__What needs to be done__: In this exercise, return only the lines that run from the line with "[00:00:23.0]" to the end of the entries below, both included. Pictures are not copied.

[Material provided]

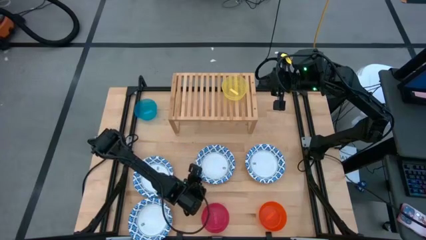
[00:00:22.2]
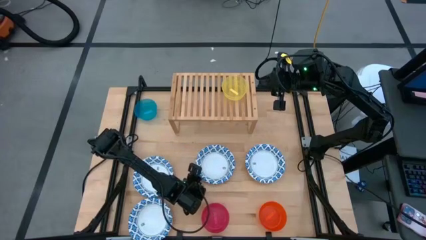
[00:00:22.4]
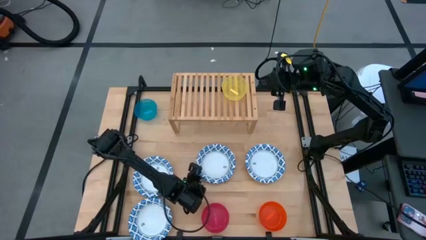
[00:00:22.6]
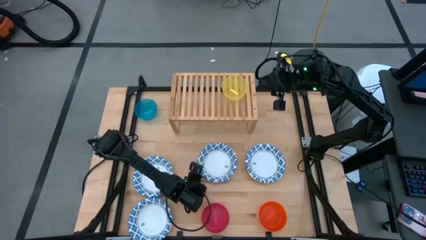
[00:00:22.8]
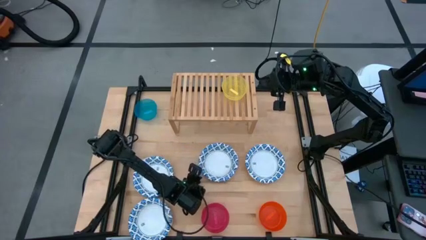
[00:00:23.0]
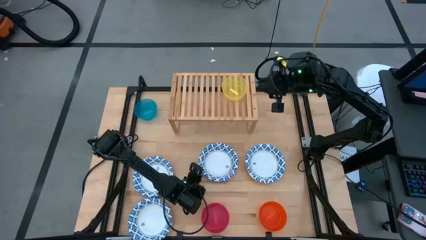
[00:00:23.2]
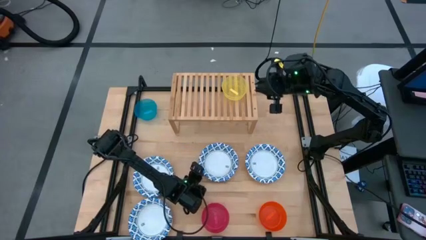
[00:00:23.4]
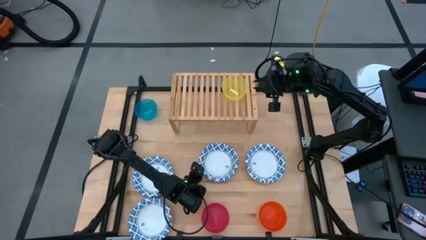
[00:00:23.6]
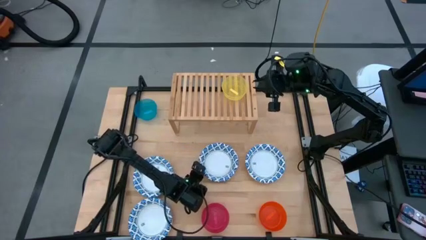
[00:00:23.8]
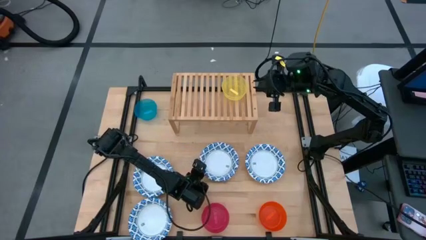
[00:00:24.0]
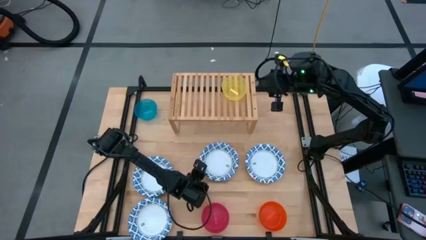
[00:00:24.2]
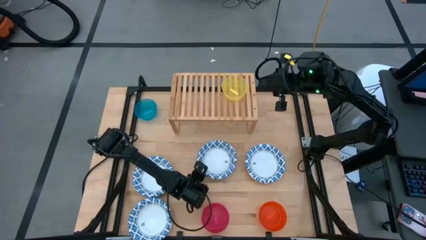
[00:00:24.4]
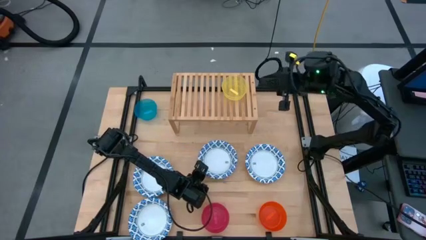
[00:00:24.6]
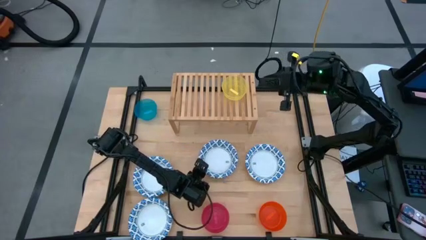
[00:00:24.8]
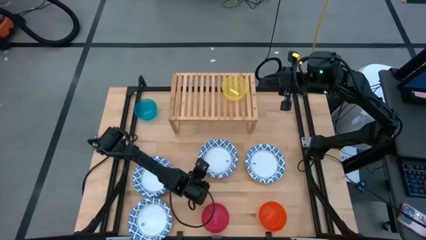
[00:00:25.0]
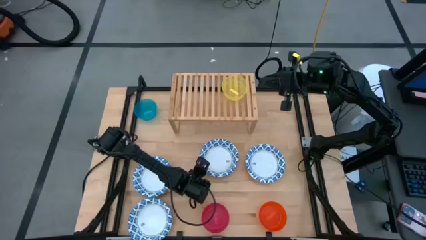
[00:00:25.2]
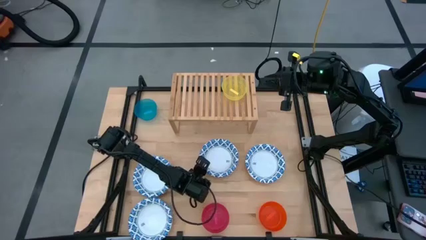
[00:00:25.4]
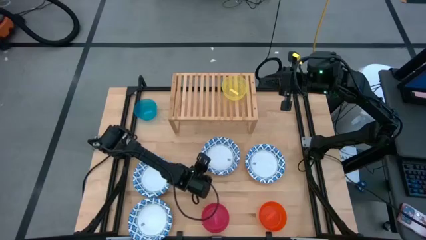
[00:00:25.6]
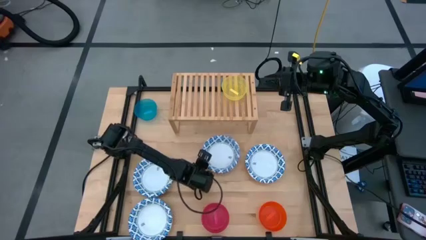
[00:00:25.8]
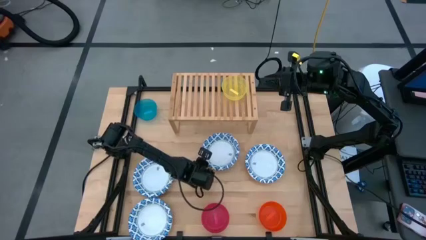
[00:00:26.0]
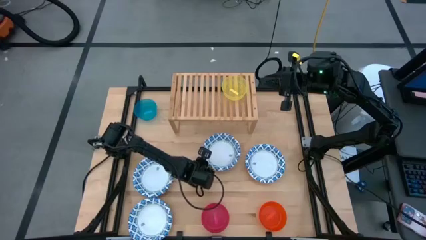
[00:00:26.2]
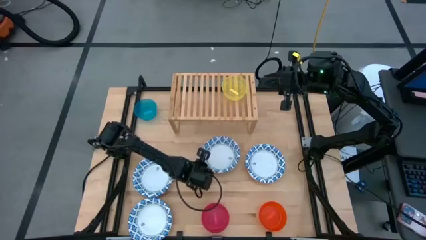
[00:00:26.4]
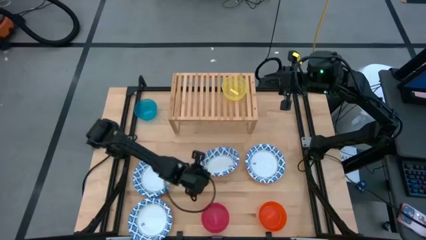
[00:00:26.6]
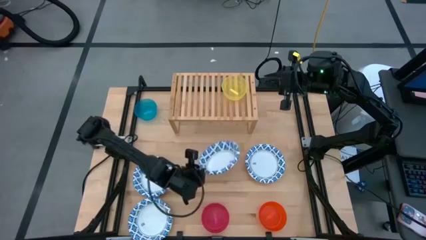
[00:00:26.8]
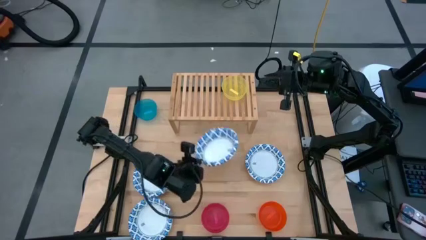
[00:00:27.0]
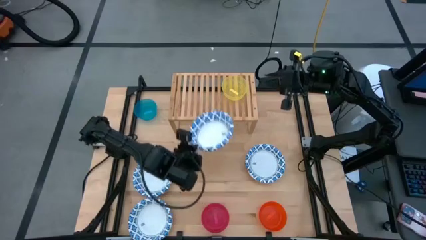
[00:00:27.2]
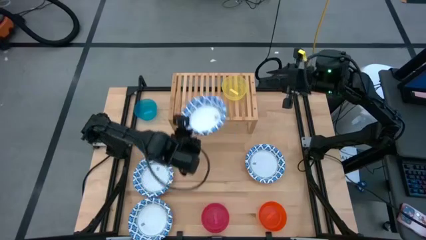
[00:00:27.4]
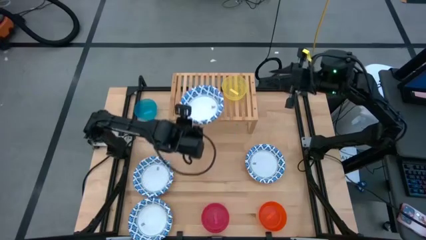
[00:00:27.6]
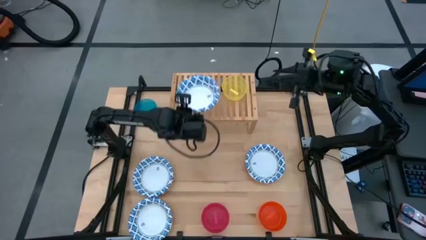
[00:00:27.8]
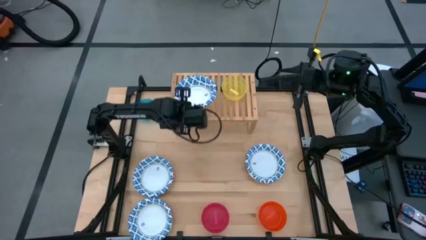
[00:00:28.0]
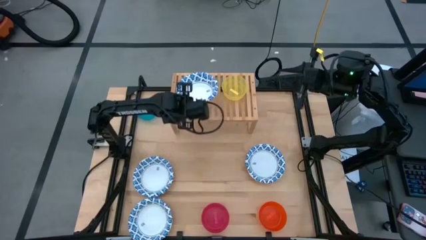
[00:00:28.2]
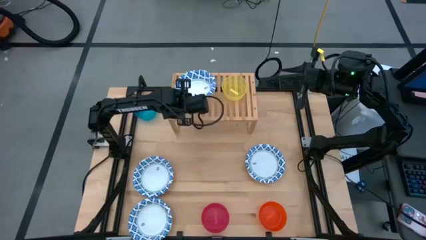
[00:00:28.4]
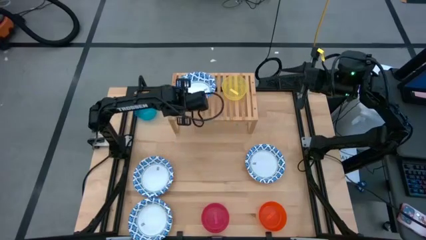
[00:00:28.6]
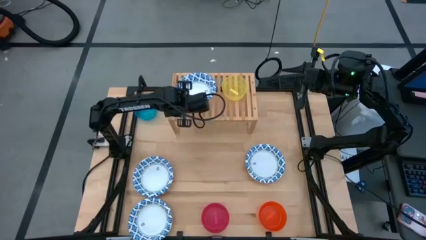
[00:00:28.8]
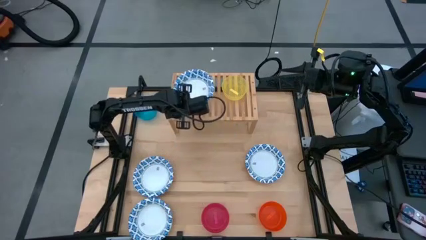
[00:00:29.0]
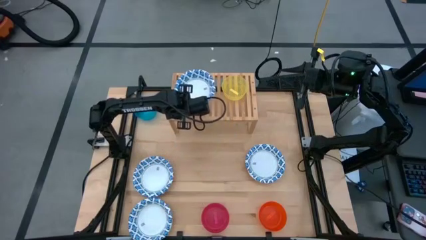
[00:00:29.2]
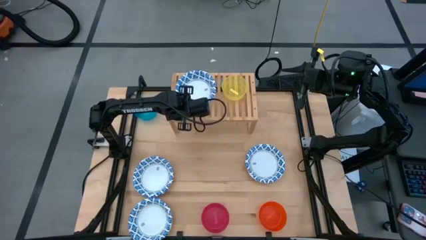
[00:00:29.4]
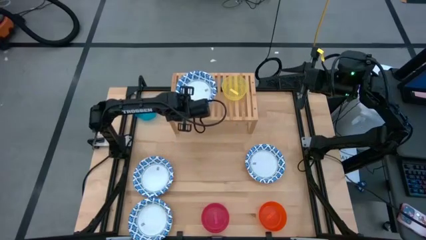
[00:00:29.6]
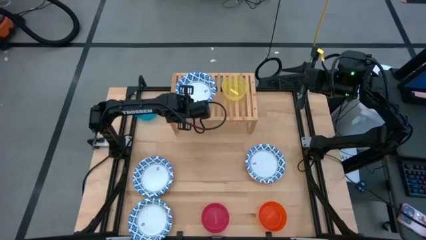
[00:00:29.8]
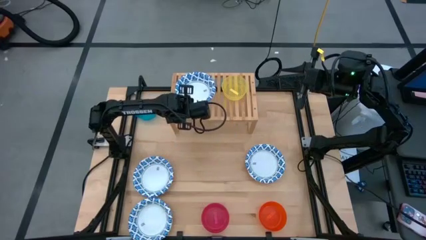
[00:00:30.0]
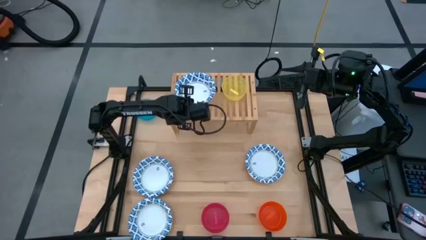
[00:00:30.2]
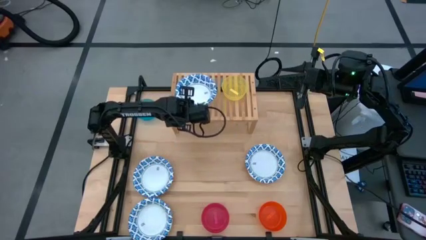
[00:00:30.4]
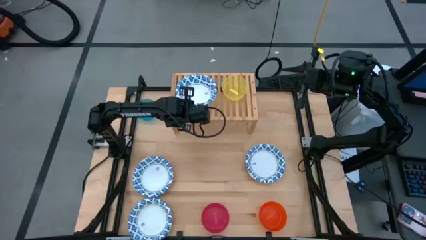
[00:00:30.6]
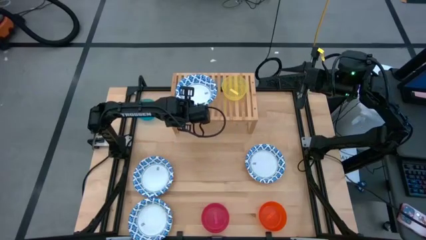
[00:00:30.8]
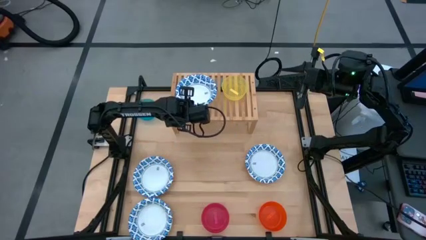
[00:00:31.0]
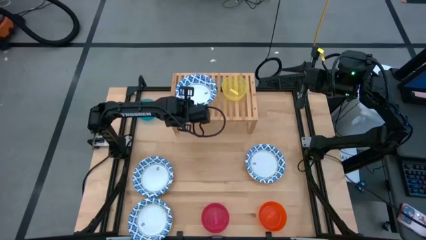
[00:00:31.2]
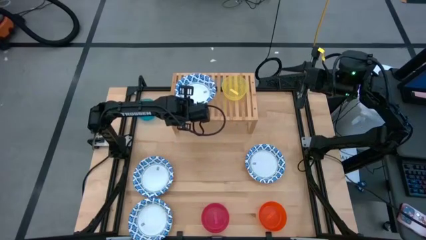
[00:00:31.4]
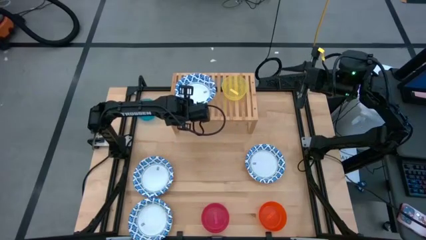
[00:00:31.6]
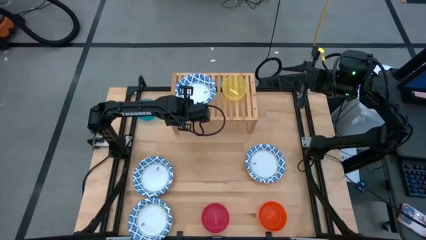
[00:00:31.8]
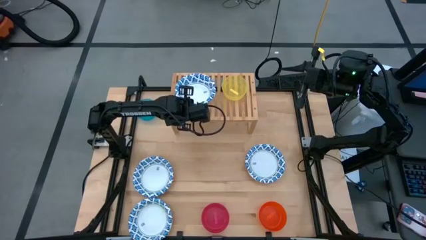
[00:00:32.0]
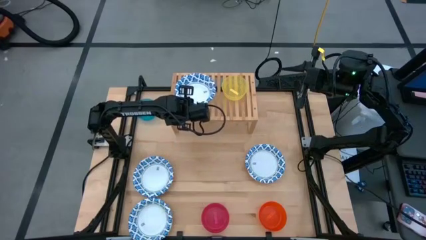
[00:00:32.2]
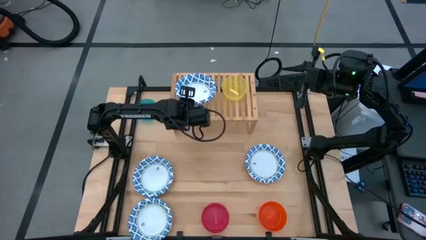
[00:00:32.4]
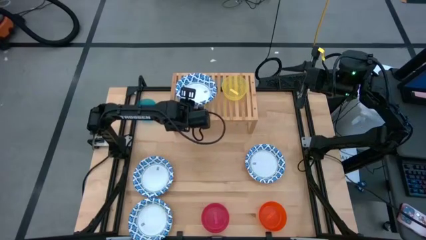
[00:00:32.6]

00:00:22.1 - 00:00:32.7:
Task: Place and stack bowls onto a shelf
Put the top middle white patterned bowl on the shelf

[/Material provided]

__Response__:
[00:00:23.0]
[00:00:23.2]
[00:00:23.4]
[00:00:23.6]
[00:00:23.8]
[00:00:24.0]
[00:00:24.2]
[00:00:24.4]
[00:00:24.6]
[00:00:24.8]
[00:00:25.0]
[00:00:25.2]
[00:00:25.4]
[00:00:25.6]
[00:00:25.8]
[00:00:26.0]
[00:00:26.2]
[00:00:26.4]
[00:00:26.6]
[00:00:26.8]
[00:00:27.0]
[00:00:27.2]
[00:00:27.4]
[00:00:27.6]
[00:00:27.8]
[00:00:28.0]
[00:00:28.2]
[00:00:28.4]
[00:00:28.6]
[00:00:28.8]
[00:00:29.0]
[00:00:29.2]
[00:00:29.4]
[00:00:29.6]
[00:00:29.8]
[00:00:30.0]
[00:00:30.2]
[00:00:30.4]
[00:00:30.6]
[00:00:30.8]
[00:00:31.0]
[00:00:31.2]
[00:00:31.4]
[00:00:31.6]
[00:00:31.8]
[00:00:32.0]
[00:00:32.2]
[00:00:32.4]
[00:00:32.6]

00:00:22.1 - 00:00:32.7:
Task: Place and stack bowls onto a shelf
Put the top middle white patterned bowl on the shelf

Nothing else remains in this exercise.